Everyone wants to know how I, who seldom take on anything that I can’t do in my pajamas, managed to produce such an athletic prodigy who excels at one of the world’s most elite sports. No one believes me when I just shrug my shoulders and say, “Honestly: I did nothing.” I can tell they don’t believe me. If these other pony moms had any imagination, they might wonder if Velvet is the natural daughter of a Cossak Hetman or The Duke of Right. The truth, of course is far more complicated: I really did do nothing. Velvet is a typical product of successful “indifferent parenting.”
This is the way I was raised, by two WASPs, who came of age about six months too early to be full-blown hippies. They took great care never to expose my sister and me to anything in which we could win a medal – of any kind. “Field Hockey,” said my mother pursing her lips, “Why don’t you go out for Big Chorus?” Their primary concern throughout our childhood was that we never got invited to enough sleepovers. After dinner each evening, everyone dispersed to his or her own part of the house without a lot of detailed chitchat as to what would happen there. I assume we did our homework at some point because, before you knew it, despite my mother’s tears and protests, we were both packing our trunks for really good prep schools, from which we both matriculated to the Ivy League.
“Darling,” said one of my mother’s friends (Concerto of the Upper East Side Piranha) through gritted teeth, “You never seem to push your children, and yet…somehow they end up doing, so well…”
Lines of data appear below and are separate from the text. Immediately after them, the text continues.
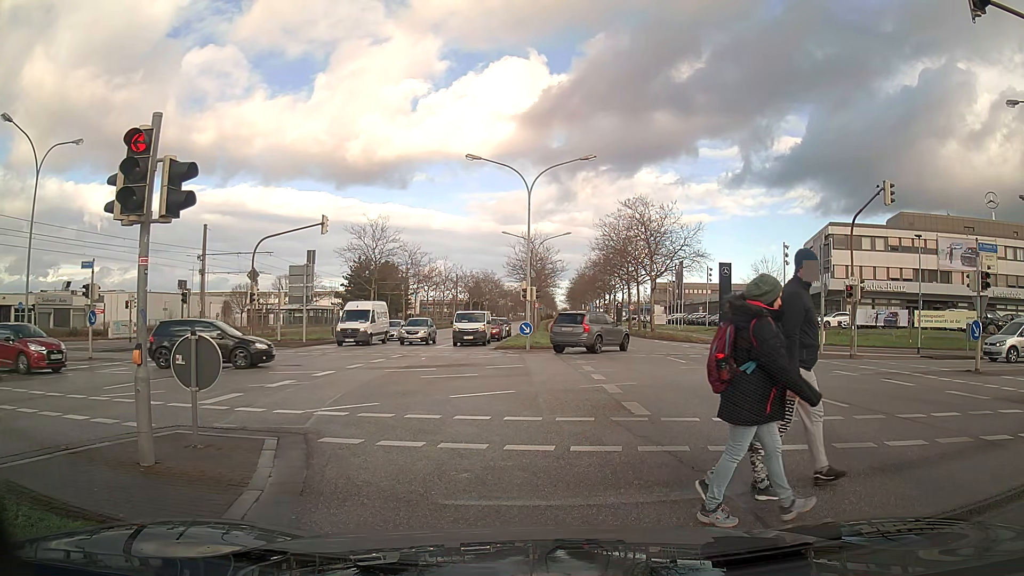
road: primary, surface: asphalt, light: Day
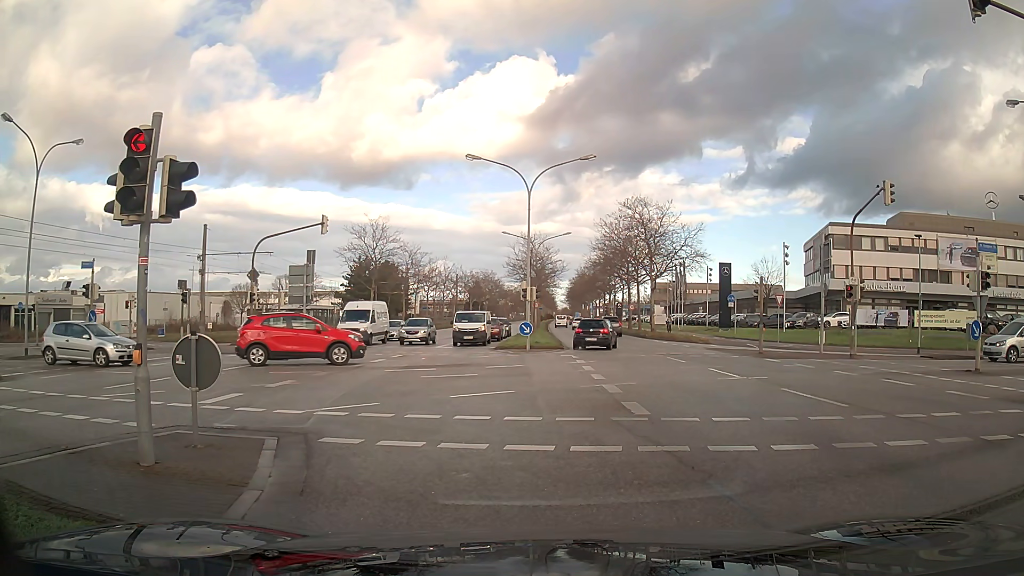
(0.0, 0.0) m; 0°
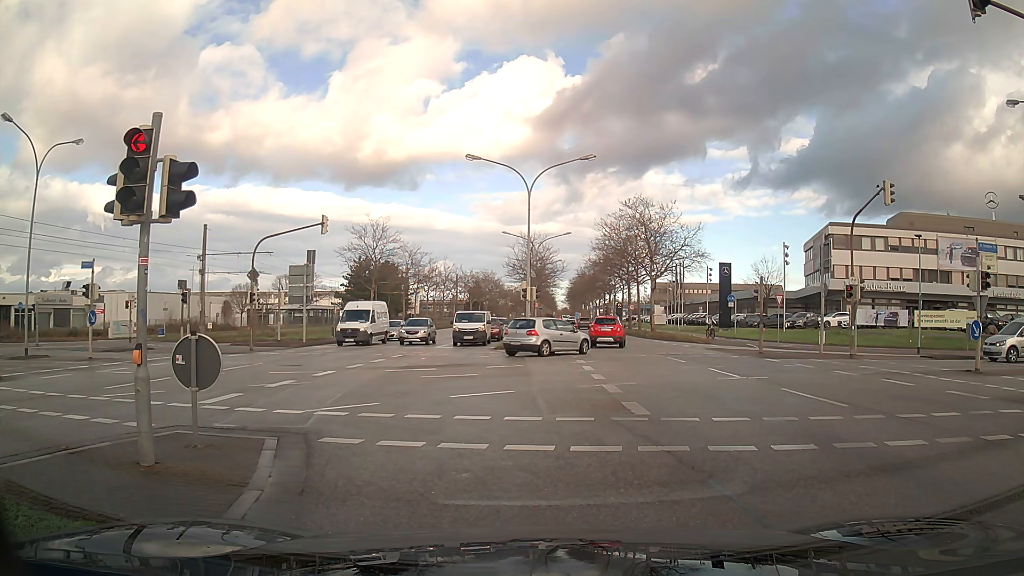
(0.0, 0.0) m; 0°
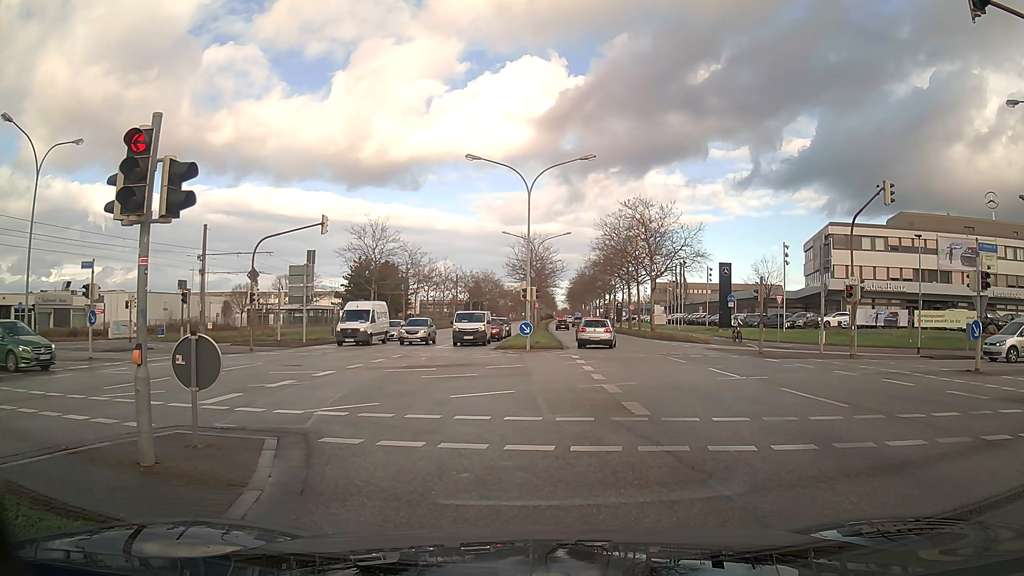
(0.0, 0.0) m; 0°
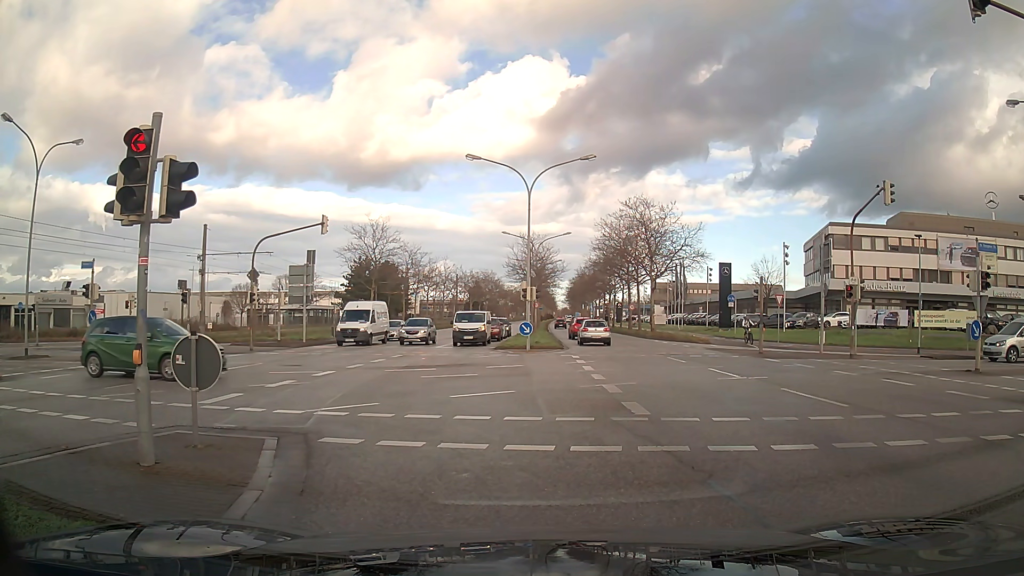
(0.0, 0.0) m; 0°
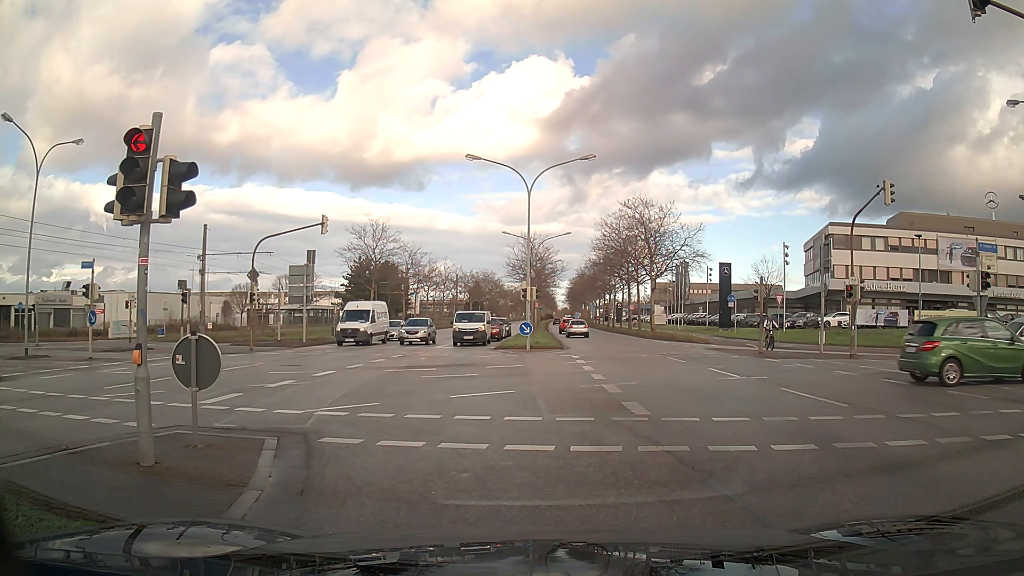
(0.0, 0.0) m; 0°
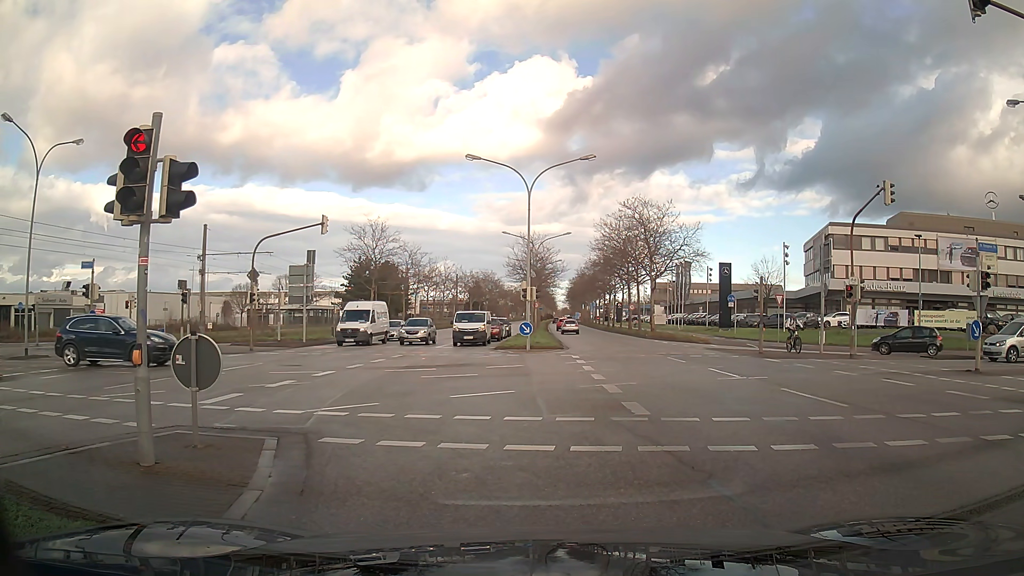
(0.0, 0.0) m; 0°
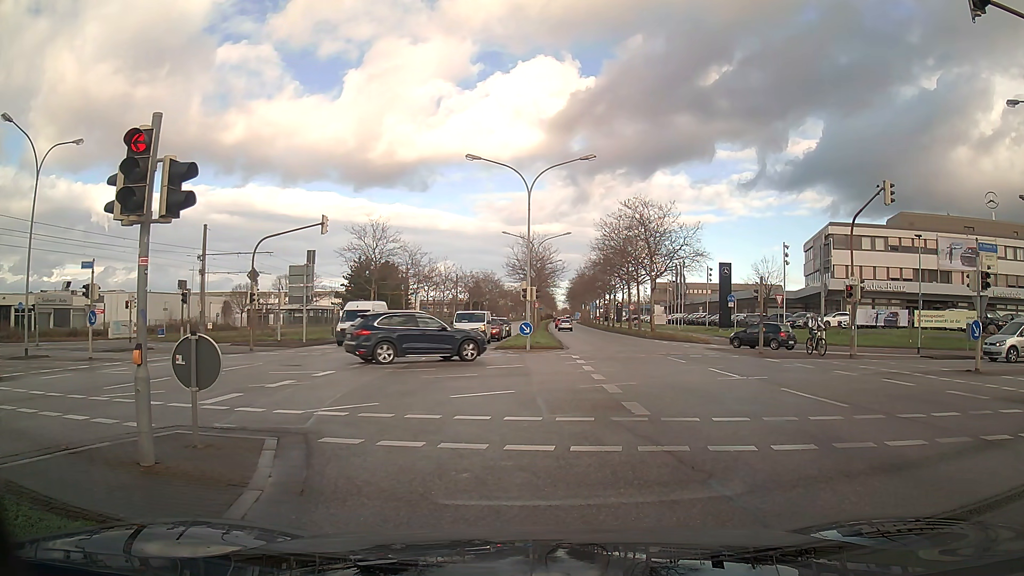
(0.0, 0.0) m; 0°

It worked for me. Primed by constant parental assurance that the fusion of Glee Club, AP Latin, “Most improved JV Soccer player, and a backstage solo in “Jesus Christ Superstar” was exactly the skill set that prepared one for The Real World, I was ready to be a model of indifferent parenting myself when Velvet started to display a single-minded determination to excel.
“Leave this to me,” I said to my Russian husband. We had a deal: I called the shots on education, food, clothing, travel, and thank you letters and, in return, Velvet was baptized in the Russian Orthodox Church.
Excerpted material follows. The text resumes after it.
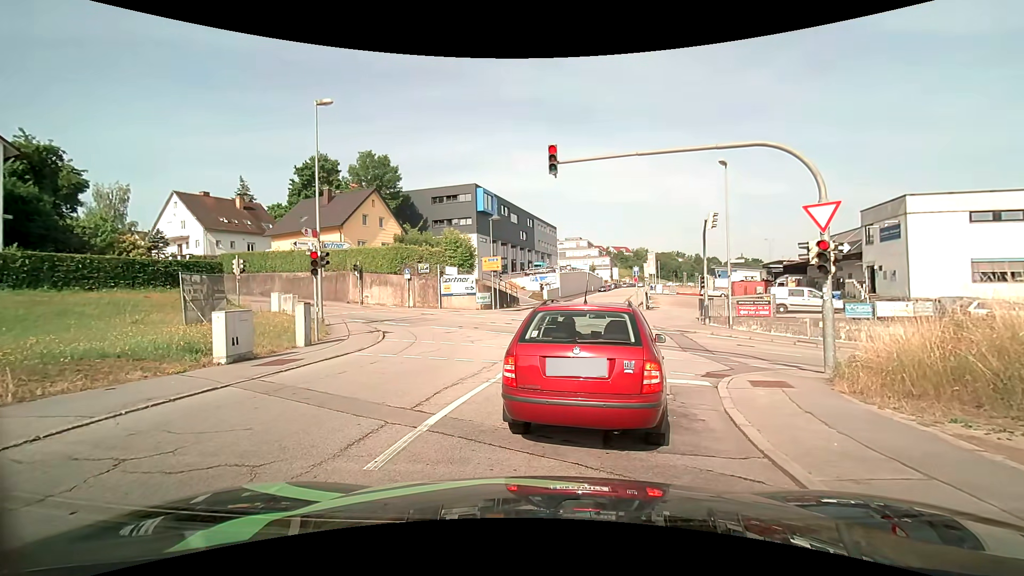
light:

“Hey, sweetie, why don’t we have six or seven of your friends over for a sleepover?” I said when she was eight, “They can all come home on the bus with you. We’ll get some videos, maybe do some ice-cream sundaes.”
“Mommy,” Velvet reproached me, “I’d have to miss riding.”
“It’s one day…” I coaxed, “what difference can it make?”
When she wanted Breyer horses, I gave her an American Girl Doll. In a counter offer to her plans to spend twelve to fourteen hours bailing hay as unpaid slave labor at the barn, I suggested a two-week Shakespeare camp or an experimental Quaker farming co-op. I forced her to go to Cape Cod for the last two weeks in summer, and St. Croix over Christmas, during which time I refused to even discuss the idea of riding. When she wanted to up her lessons from three to six days a week, I sat her down for a serious discussion.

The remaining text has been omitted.